Restate each entry below exactly; pictures stay out of the copy.
*** Opening of Dataset records ***
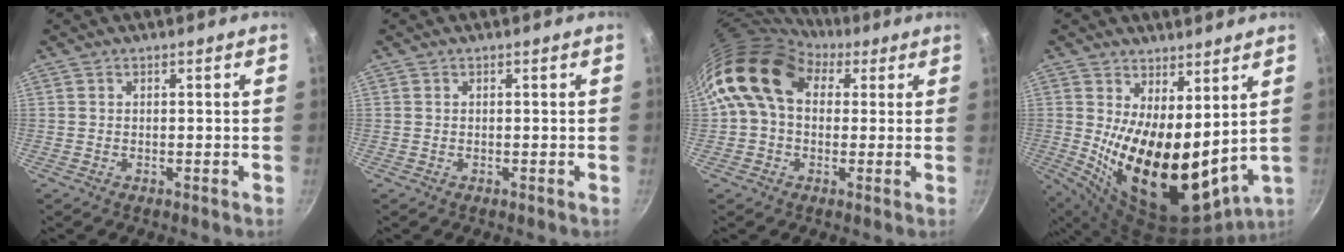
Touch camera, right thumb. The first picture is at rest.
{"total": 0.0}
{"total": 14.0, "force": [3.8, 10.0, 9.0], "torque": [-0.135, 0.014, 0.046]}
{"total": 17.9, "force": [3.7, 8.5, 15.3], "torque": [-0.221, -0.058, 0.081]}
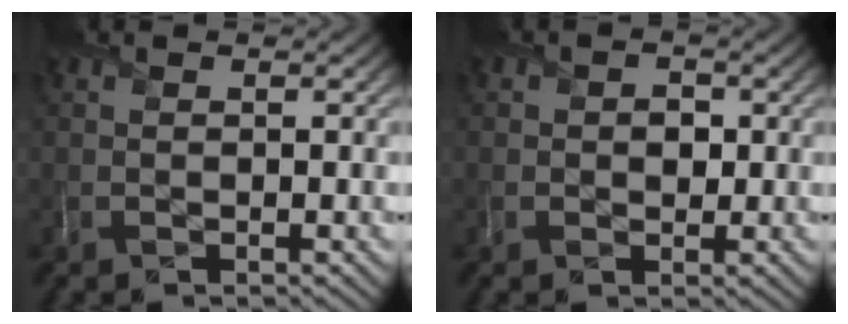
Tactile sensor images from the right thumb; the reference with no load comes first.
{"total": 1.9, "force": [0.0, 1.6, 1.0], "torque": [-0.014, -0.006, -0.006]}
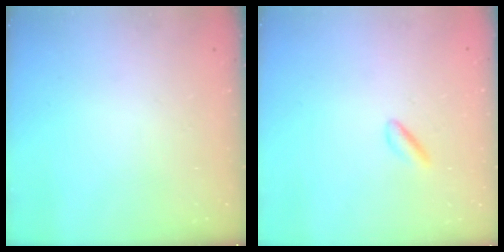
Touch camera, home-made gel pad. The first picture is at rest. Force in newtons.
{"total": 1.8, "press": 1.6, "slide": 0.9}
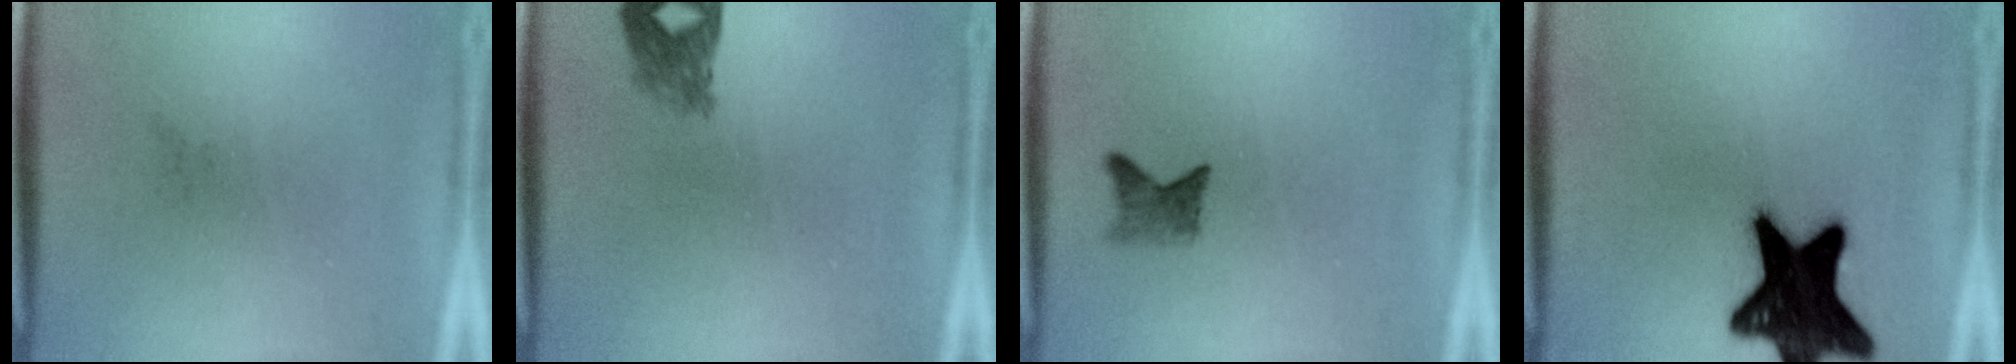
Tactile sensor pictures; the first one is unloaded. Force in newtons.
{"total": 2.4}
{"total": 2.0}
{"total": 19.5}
*** Close of Dataset records ***
▶ [Task output]:
Touch camera, right thumb. The first picture is at rest.
{"total": 0.0}
{"total": 14.0, "force": [3.8, 10.0, 9.0], "torque": [-0.135, 0.014, 0.046]}
{"total": 17.9, "force": [3.7, 8.5, 15.3], "torque": [-0.221, -0.058, 0.081]}
Tactile sensor images from the right thumb; the reference with no load comes first.
{"total": 1.9, "force": [0.0, 1.6, 1.0], "torque": [-0.014, -0.006, -0.006]}
Touch camera, home-made gel pad. The first picture is at rest. Force in newtons.
{"total": 1.8, "press": 1.6, "slide": 0.9}
Tactile sensor pictures; the first one is unloaded. Force in newtons.
{"total": 2.4}
{"total": 2.0}
{"total": 19.5}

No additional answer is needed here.